■ **YOUR OBJECTIVE**
Every line with "directions" in it should be copied from the data.

■ **DATA FOR THIS TASK**
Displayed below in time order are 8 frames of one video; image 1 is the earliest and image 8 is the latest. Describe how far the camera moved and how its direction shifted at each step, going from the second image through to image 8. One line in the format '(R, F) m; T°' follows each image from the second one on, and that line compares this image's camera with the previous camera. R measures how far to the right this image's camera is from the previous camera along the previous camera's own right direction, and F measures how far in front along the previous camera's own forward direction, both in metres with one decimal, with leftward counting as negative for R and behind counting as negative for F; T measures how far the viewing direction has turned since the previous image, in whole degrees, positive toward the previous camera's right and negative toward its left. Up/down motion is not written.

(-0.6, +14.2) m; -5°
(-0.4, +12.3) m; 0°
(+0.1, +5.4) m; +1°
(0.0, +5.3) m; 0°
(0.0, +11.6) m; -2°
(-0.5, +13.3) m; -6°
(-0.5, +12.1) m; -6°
...
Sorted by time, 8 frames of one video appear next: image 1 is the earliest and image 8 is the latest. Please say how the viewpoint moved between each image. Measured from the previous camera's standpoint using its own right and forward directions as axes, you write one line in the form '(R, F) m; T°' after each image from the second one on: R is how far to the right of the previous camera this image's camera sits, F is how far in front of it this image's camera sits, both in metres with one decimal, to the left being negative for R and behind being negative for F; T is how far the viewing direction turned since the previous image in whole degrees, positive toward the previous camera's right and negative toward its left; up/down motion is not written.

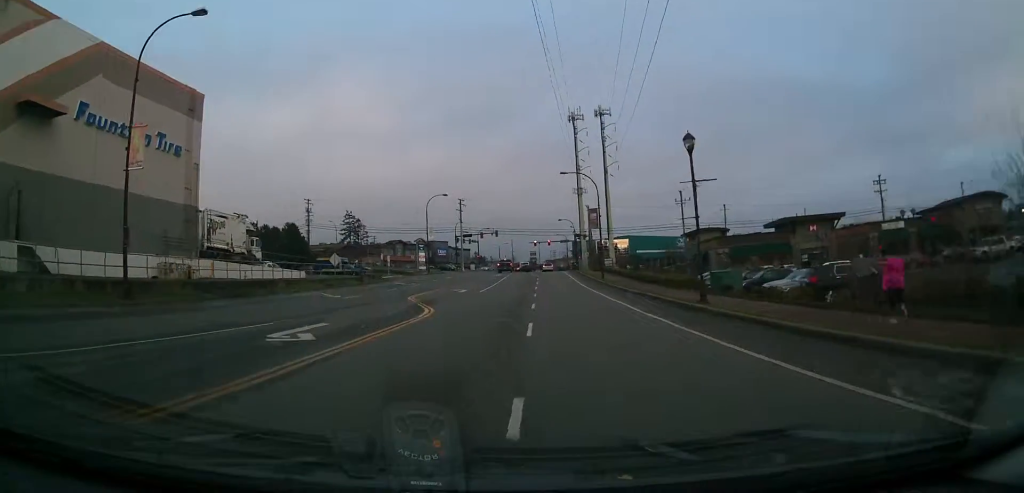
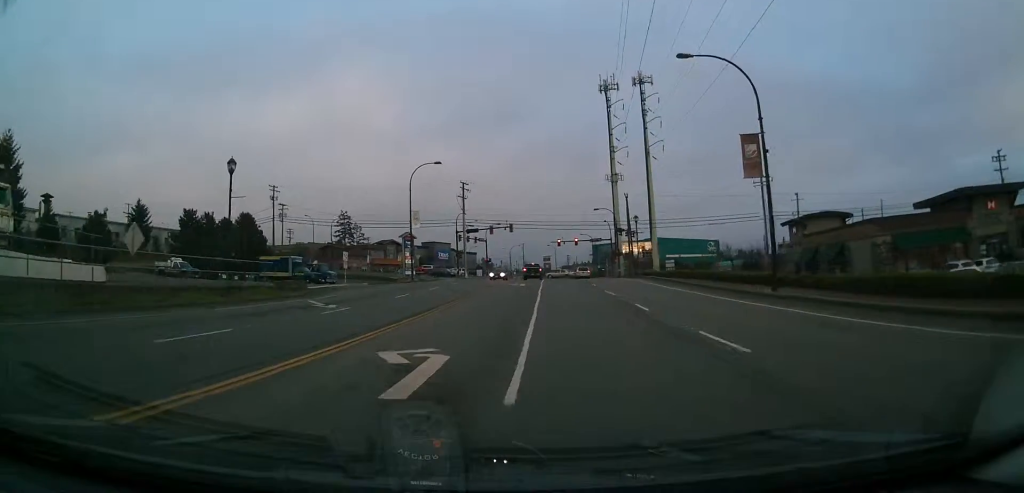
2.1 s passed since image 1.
--
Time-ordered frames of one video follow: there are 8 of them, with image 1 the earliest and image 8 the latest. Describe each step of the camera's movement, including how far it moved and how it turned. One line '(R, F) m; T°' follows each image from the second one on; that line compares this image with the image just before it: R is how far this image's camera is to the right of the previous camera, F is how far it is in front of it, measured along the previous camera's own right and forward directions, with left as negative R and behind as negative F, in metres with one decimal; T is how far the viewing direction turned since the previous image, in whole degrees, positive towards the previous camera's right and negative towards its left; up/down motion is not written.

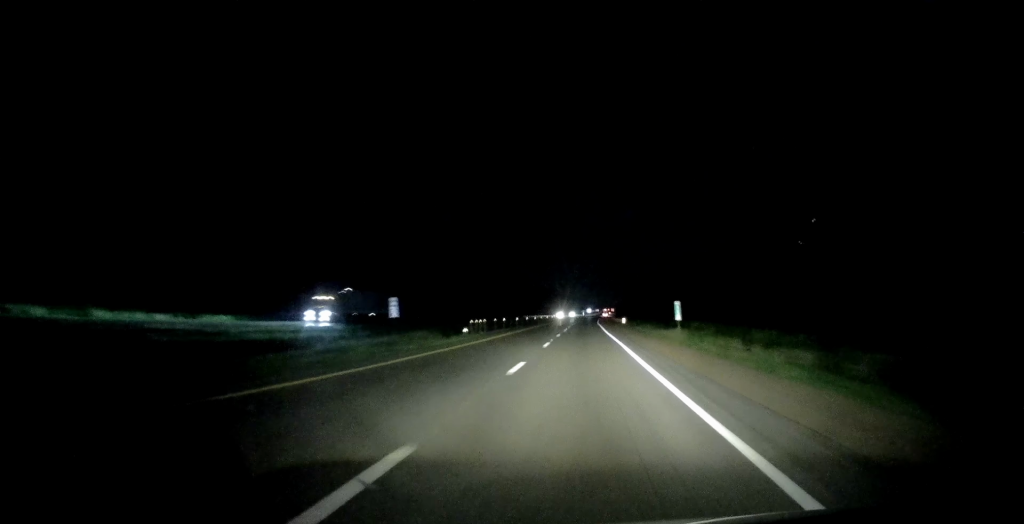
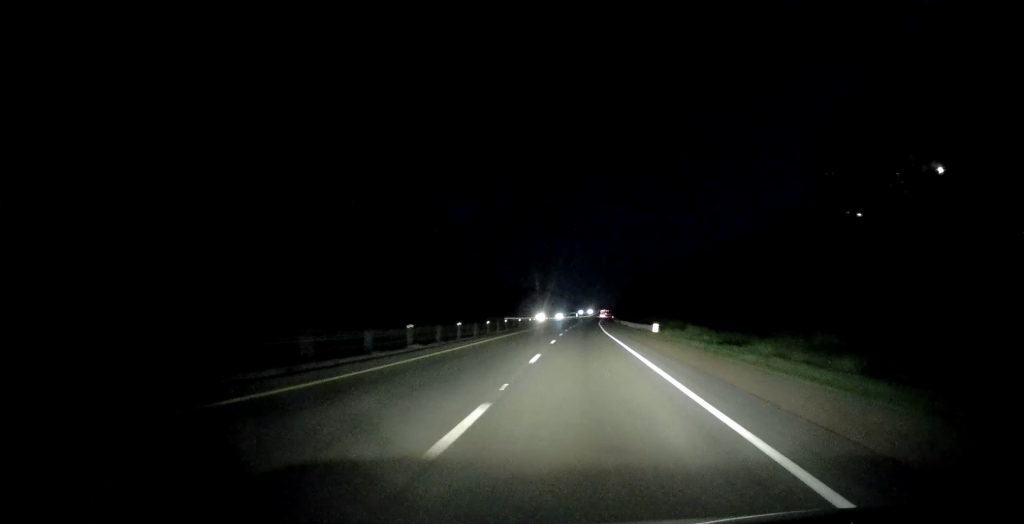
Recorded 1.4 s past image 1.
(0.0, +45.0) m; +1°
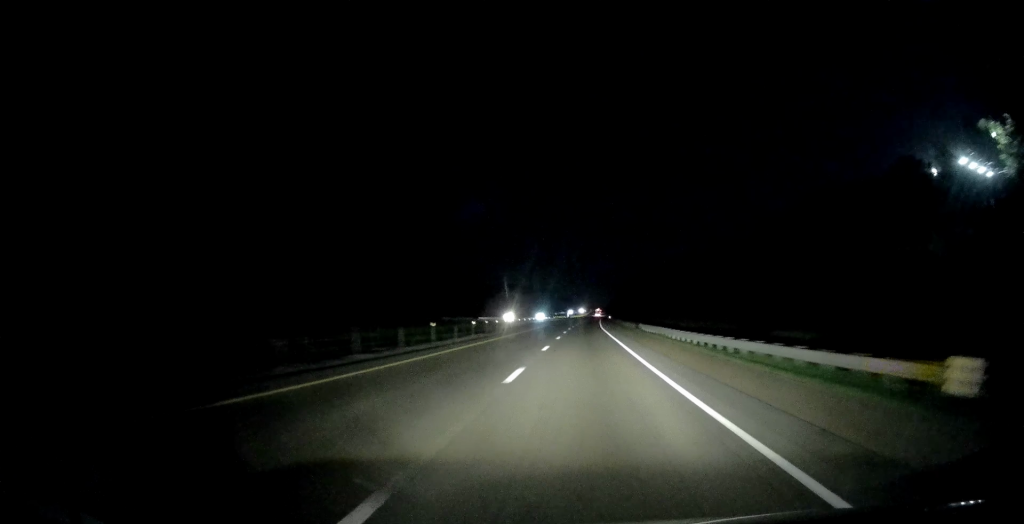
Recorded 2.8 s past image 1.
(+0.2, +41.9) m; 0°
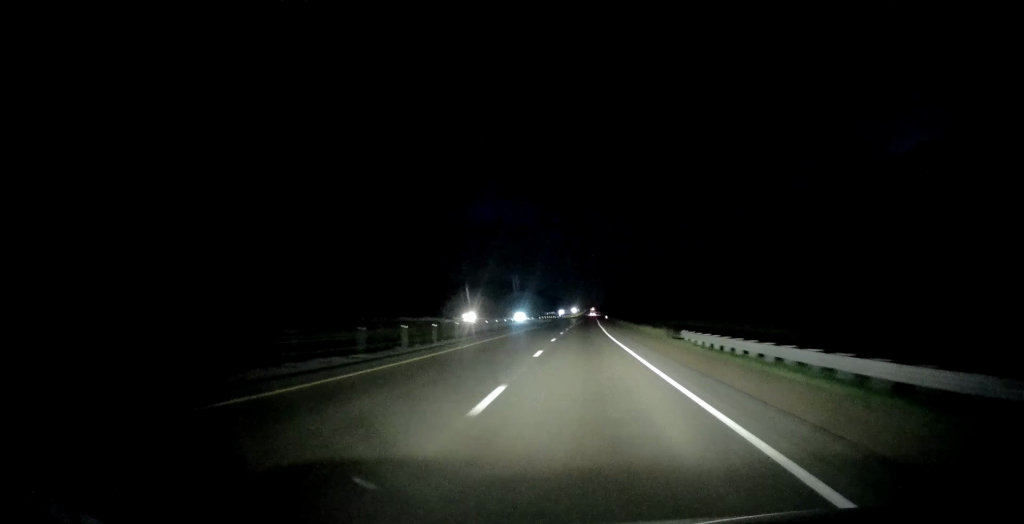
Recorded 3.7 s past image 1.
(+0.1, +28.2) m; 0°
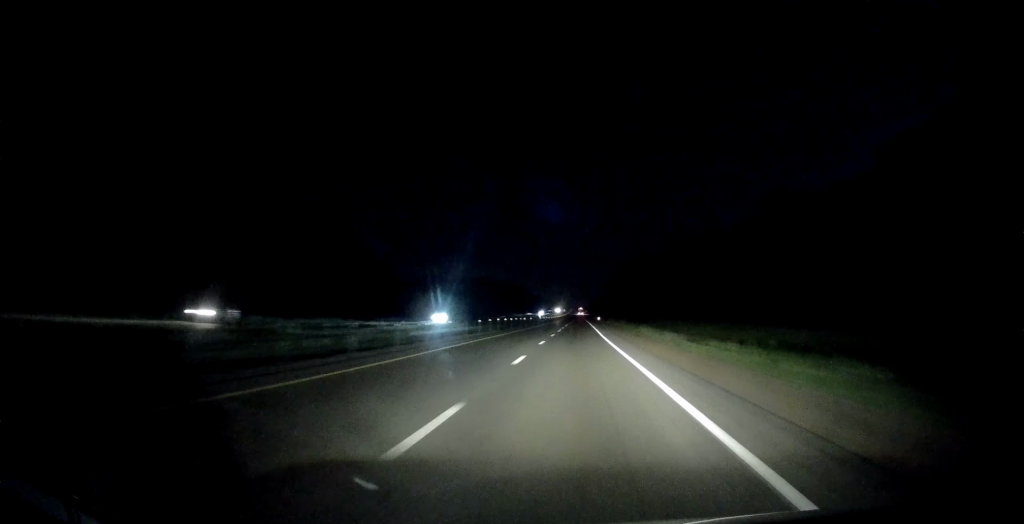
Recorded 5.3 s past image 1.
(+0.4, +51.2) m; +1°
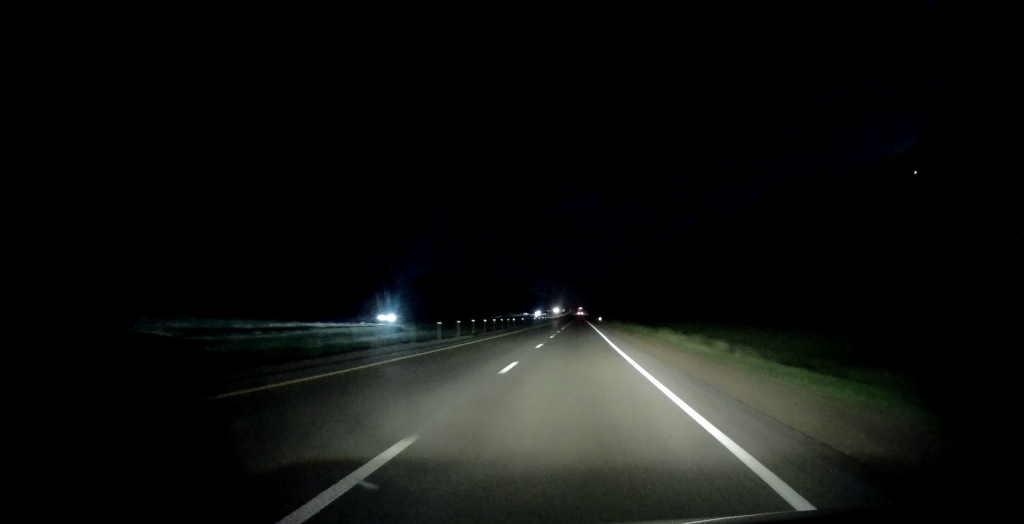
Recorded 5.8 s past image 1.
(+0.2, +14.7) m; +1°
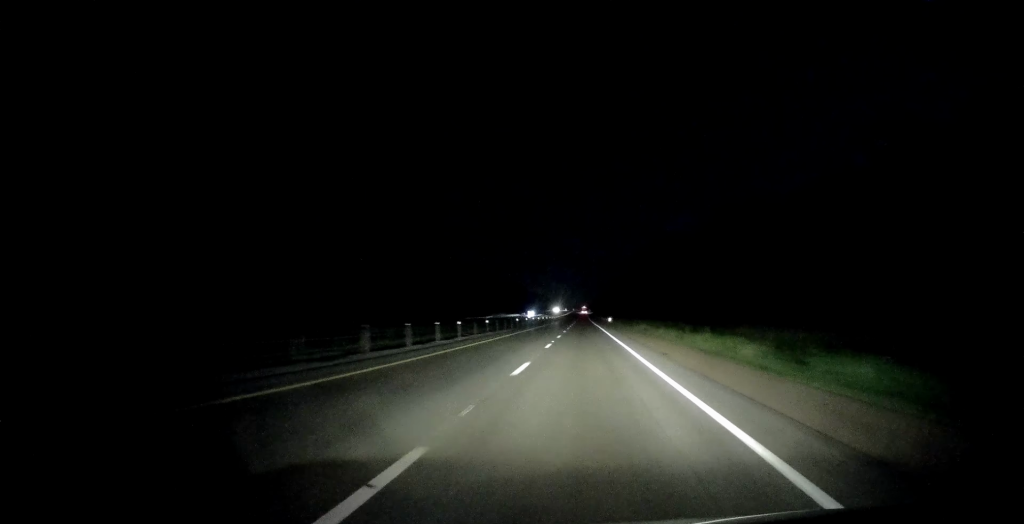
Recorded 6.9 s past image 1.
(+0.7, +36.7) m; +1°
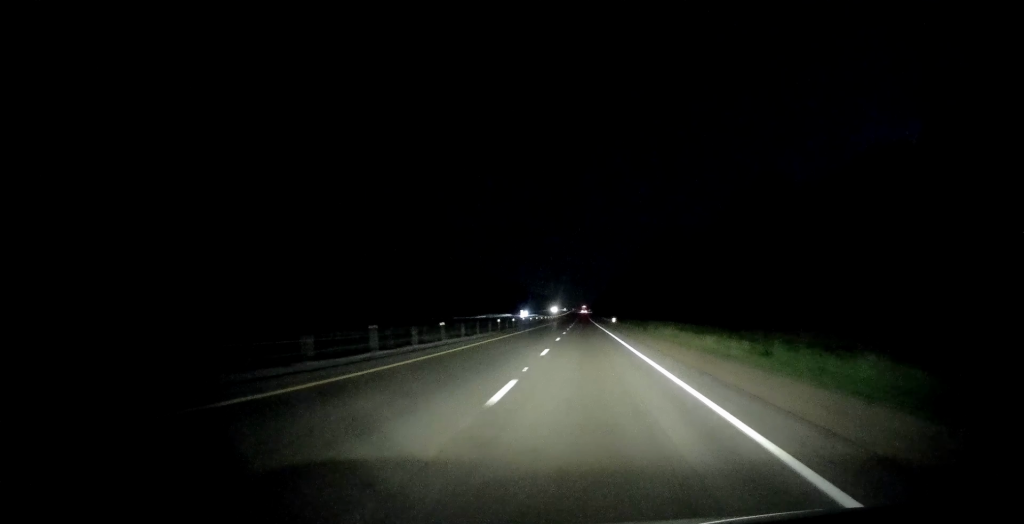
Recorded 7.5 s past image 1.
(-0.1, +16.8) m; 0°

■ **RESPONSE**
Sorted by time, 8 frames of one video appear next: image 1 is the earliest and image 8 is the latest. Please say how the viewpoint moved between each image. Measured from the previous camera's standpoint using its own right and forward directions as axes, you write one line in the form '(R, F) m; T°' after each image from the second one on: R is how far to the right of the previous camera this image's camera sits, F is how far in front of it this image's camera sits, both in metres with one decimal, to the left being negative for R and behind being negative for F; T is how far the viewing direction turned since the previous image in whole degrees, positive toward the previous camera's right and negative toward its left; up/down motion is not written.
Time-ordered frames of one video follow: there are 8 of them, with image 1 the earliest and image 8 the latest. Describe each step of the camera's movement, including how far it moved and how it turned. One line '(R, F) m; T°' follows each image from the second one on; that line compares this image with the image just before it: R is how far this image's camera is to the right of the previous camera, F is how far it is in front of it, measured along the previous camera's own right and forward directions, with left as negative R and behind as negative F, in metres with one decimal; T is how far the viewing direction turned since the previous image, in whole degrees, positive towards the previous camera's right and negative towards its left; up/down motion is not written.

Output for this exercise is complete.